WHAT YOU ARE ASKED TO DO
Take the entries that follow and return only the lines from the one with "Tactile sensor images" through the final line, leaving every picture behind.

(Dataset entries)
========
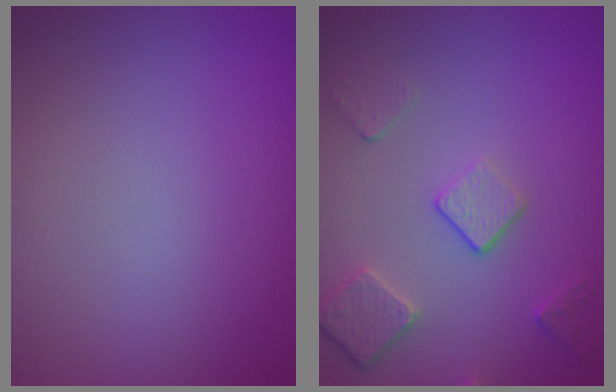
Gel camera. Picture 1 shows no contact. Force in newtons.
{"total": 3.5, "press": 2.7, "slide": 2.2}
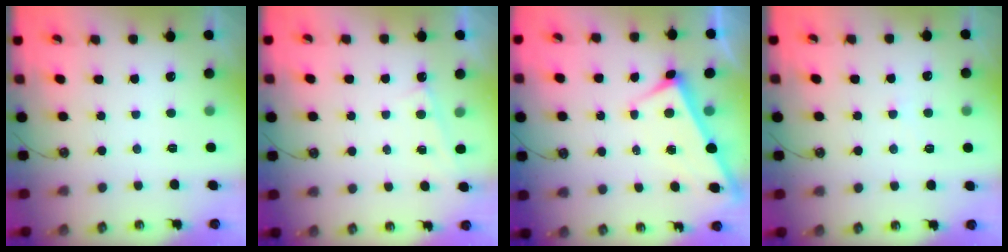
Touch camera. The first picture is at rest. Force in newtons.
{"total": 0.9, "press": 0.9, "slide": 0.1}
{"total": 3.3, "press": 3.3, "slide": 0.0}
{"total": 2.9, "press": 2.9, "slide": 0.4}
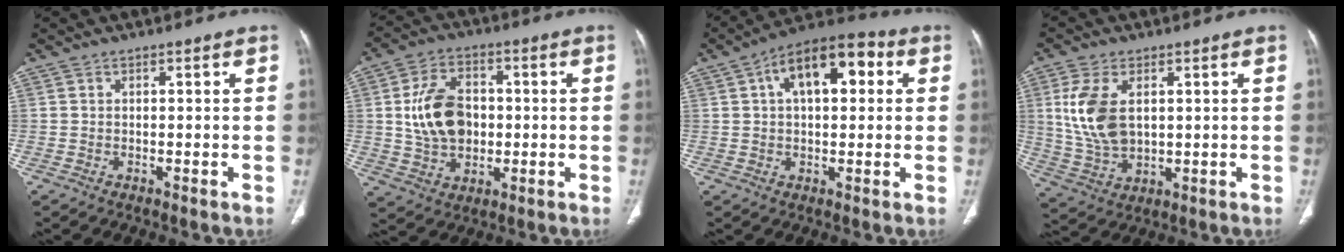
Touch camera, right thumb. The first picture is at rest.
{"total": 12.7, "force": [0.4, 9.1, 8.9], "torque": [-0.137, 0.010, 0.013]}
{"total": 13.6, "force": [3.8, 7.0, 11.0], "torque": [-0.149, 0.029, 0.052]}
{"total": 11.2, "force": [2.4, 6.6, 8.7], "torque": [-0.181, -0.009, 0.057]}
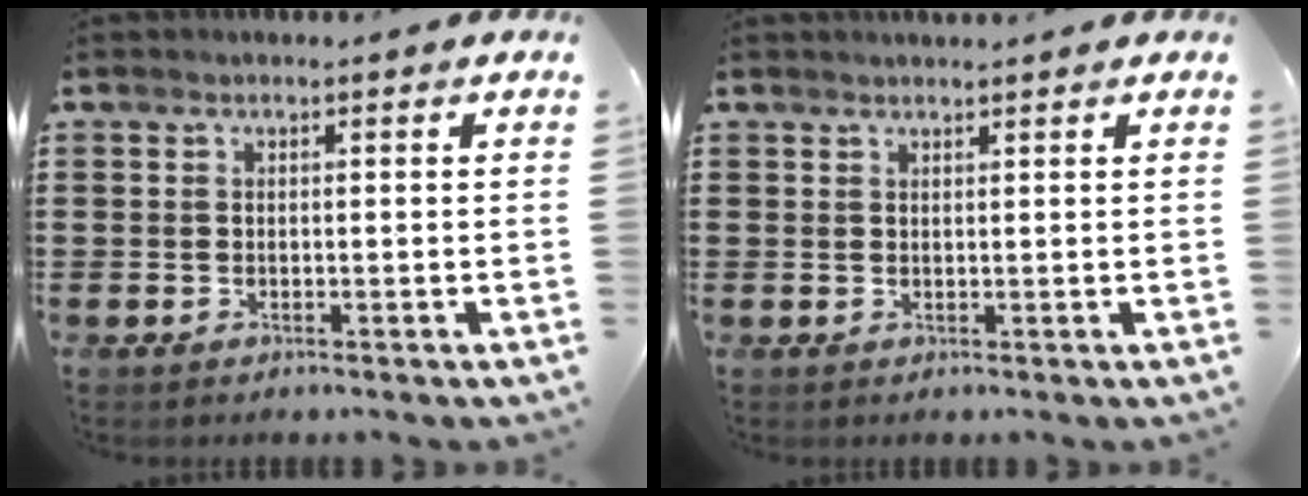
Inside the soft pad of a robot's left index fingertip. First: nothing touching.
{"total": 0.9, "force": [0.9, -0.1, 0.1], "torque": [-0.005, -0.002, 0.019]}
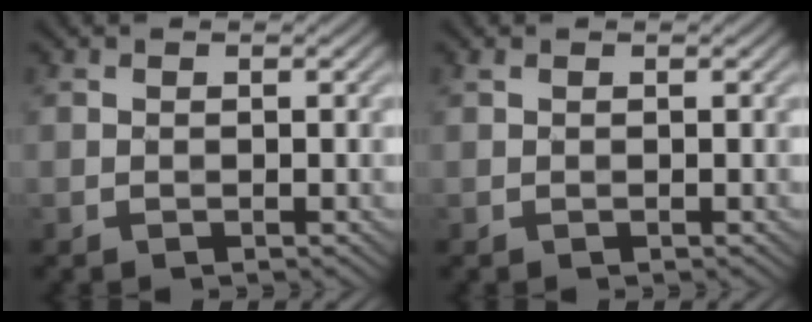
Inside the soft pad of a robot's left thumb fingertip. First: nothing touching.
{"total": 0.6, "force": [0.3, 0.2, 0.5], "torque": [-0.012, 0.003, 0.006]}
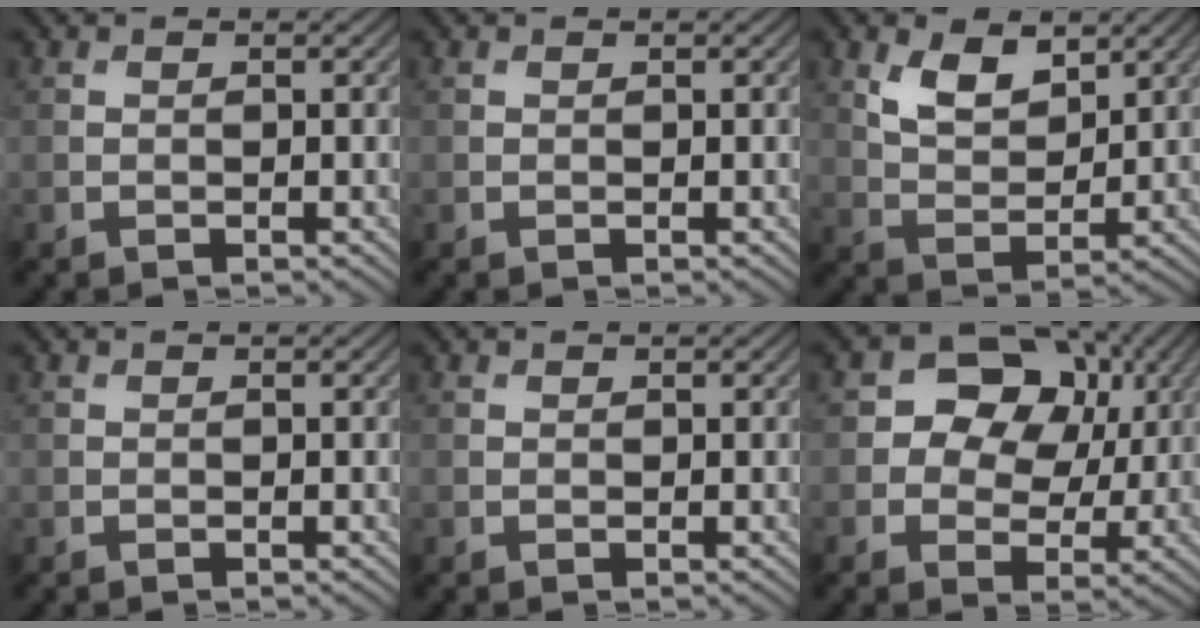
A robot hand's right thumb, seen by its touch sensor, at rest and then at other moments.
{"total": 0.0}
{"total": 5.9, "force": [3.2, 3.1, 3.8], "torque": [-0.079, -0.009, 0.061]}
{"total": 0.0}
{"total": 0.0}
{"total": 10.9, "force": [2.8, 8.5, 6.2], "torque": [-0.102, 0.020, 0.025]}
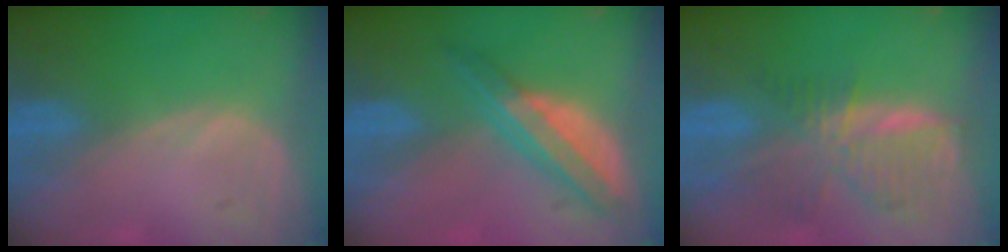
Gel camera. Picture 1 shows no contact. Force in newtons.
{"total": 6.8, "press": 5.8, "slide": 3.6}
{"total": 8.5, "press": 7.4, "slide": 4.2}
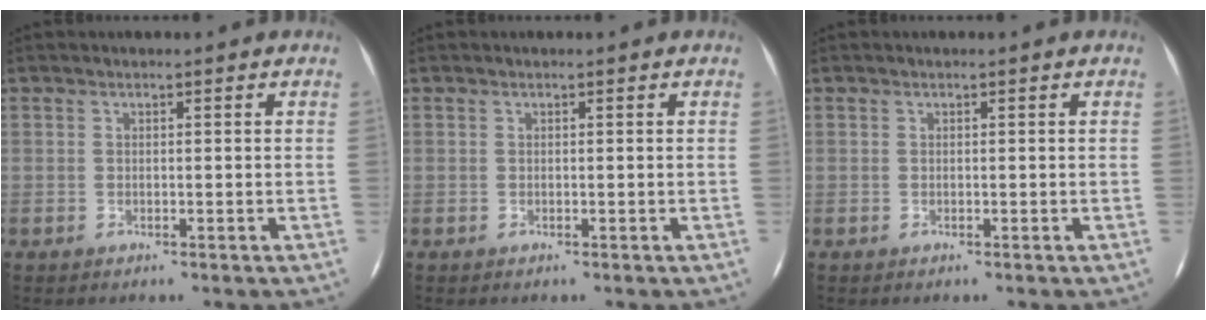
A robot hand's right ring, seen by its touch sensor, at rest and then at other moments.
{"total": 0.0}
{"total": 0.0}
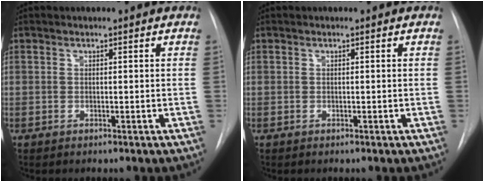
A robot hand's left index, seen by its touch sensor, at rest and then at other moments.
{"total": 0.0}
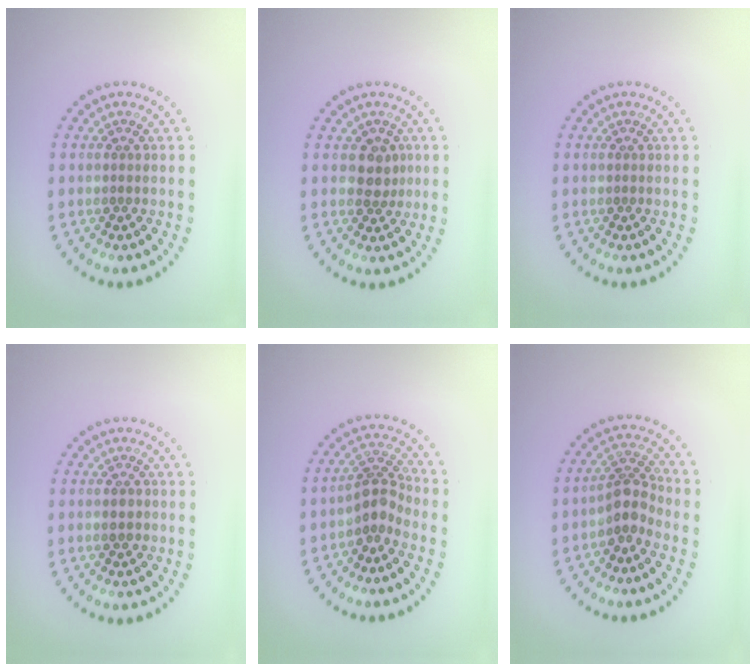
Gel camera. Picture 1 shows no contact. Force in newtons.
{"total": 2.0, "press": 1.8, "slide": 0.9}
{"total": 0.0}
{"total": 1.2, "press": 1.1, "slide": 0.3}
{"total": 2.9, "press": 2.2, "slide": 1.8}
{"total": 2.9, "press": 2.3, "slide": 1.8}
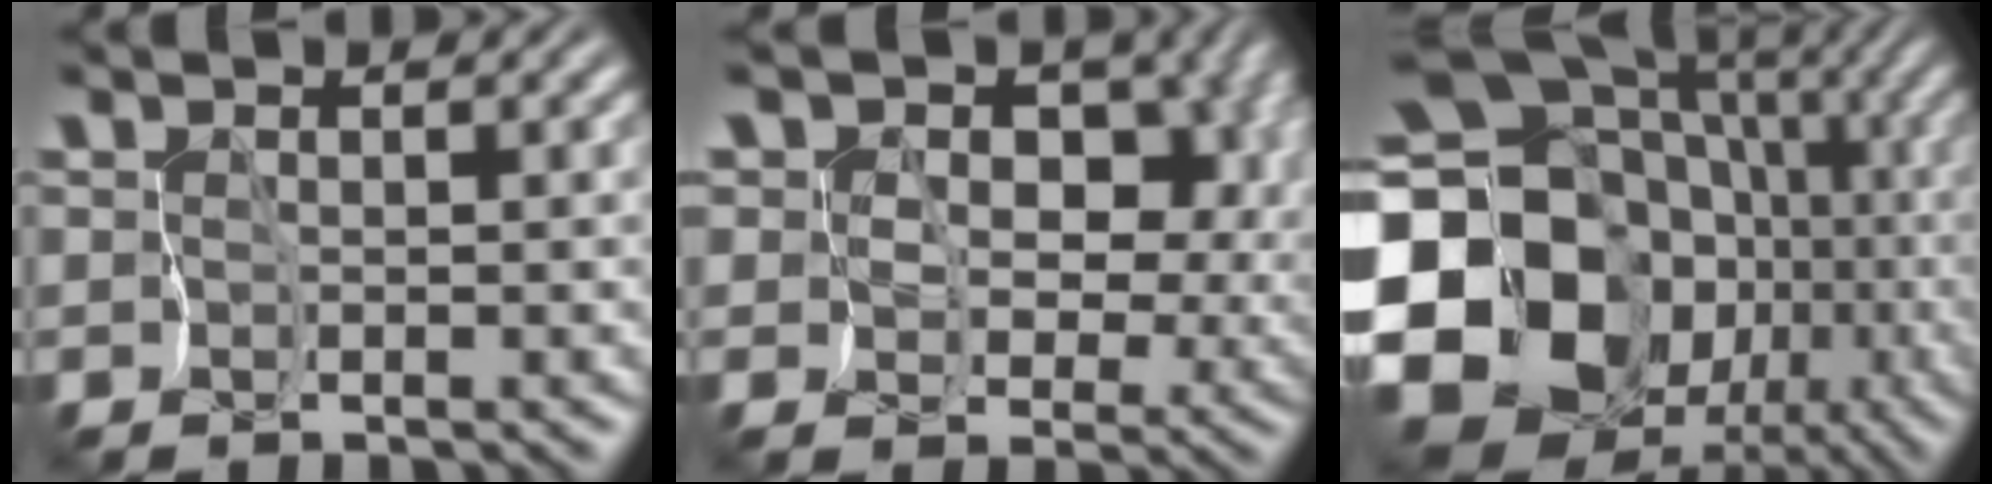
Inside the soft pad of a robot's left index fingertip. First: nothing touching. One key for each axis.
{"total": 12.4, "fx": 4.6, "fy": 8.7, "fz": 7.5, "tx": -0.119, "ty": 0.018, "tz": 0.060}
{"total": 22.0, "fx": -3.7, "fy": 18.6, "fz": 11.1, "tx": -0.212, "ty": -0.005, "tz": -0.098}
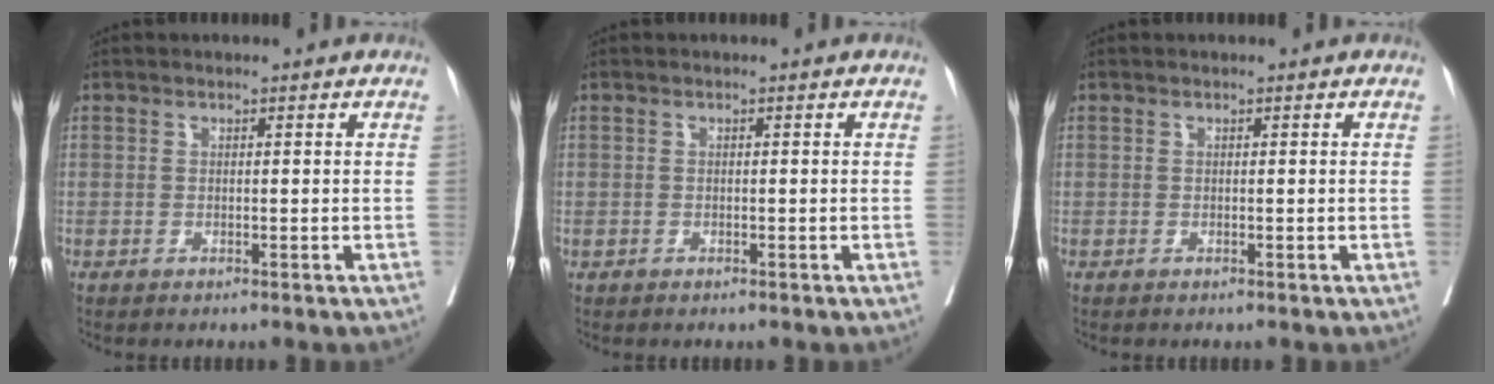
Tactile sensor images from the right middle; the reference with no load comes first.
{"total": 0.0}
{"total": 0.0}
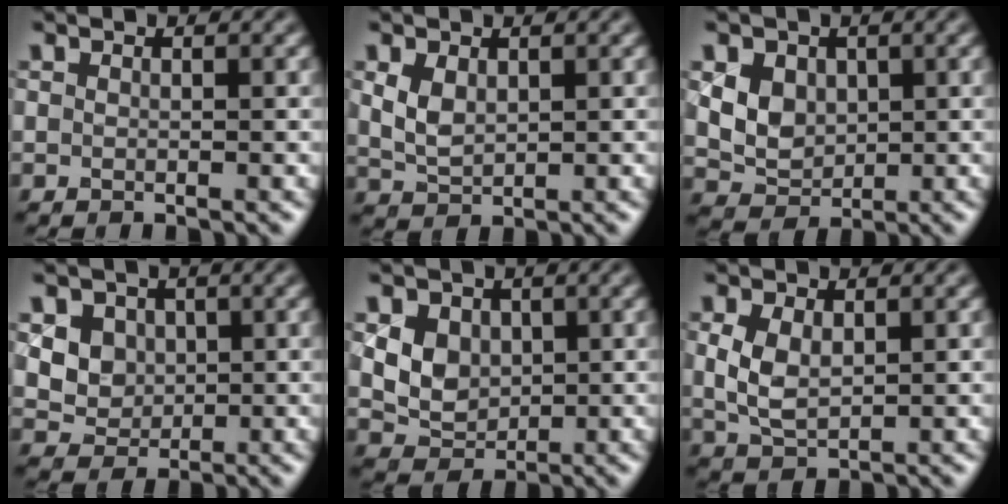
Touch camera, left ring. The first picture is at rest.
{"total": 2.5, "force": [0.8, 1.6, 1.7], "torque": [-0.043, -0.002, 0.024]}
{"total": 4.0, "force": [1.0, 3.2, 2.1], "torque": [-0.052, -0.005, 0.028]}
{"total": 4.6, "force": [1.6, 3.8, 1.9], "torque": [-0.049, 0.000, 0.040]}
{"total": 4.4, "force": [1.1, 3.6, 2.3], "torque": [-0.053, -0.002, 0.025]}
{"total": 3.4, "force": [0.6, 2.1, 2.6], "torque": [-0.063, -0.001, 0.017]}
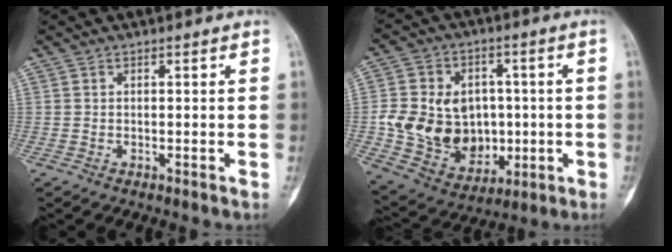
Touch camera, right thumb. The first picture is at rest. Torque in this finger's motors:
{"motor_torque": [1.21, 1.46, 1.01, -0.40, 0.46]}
========
YOUR RESPONSE
Tactile sensor images from the right middle; the reference with no load comes first.
{"total": 0.0}
{"total": 0.0}
Touch camera, left ring. The first picture is at rest.
{"total": 2.5, "force": [0.8, 1.6, 1.7], "torque": [-0.043, -0.002, 0.024]}
{"total": 4.0, "force": [1.0, 3.2, 2.1], "torque": [-0.052, -0.005, 0.028]}
{"total": 4.6, "force": [1.6, 3.8, 1.9], "torque": [-0.049, 0.000, 0.040]}
{"total": 4.4, "force": [1.1, 3.6, 2.3], "torque": [-0.053, -0.002, 0.025]}
{"total": 3.4, "force": [0.6, 2.1, 2.6], "torque": [-0.063, -0.001, 0.017]}
Touch camera, right thumb. The first picture is at rest. Torque in this finger's motors:
{"motor_torque": [1.21, 1.46, 1.01, -0.40, 0.46]}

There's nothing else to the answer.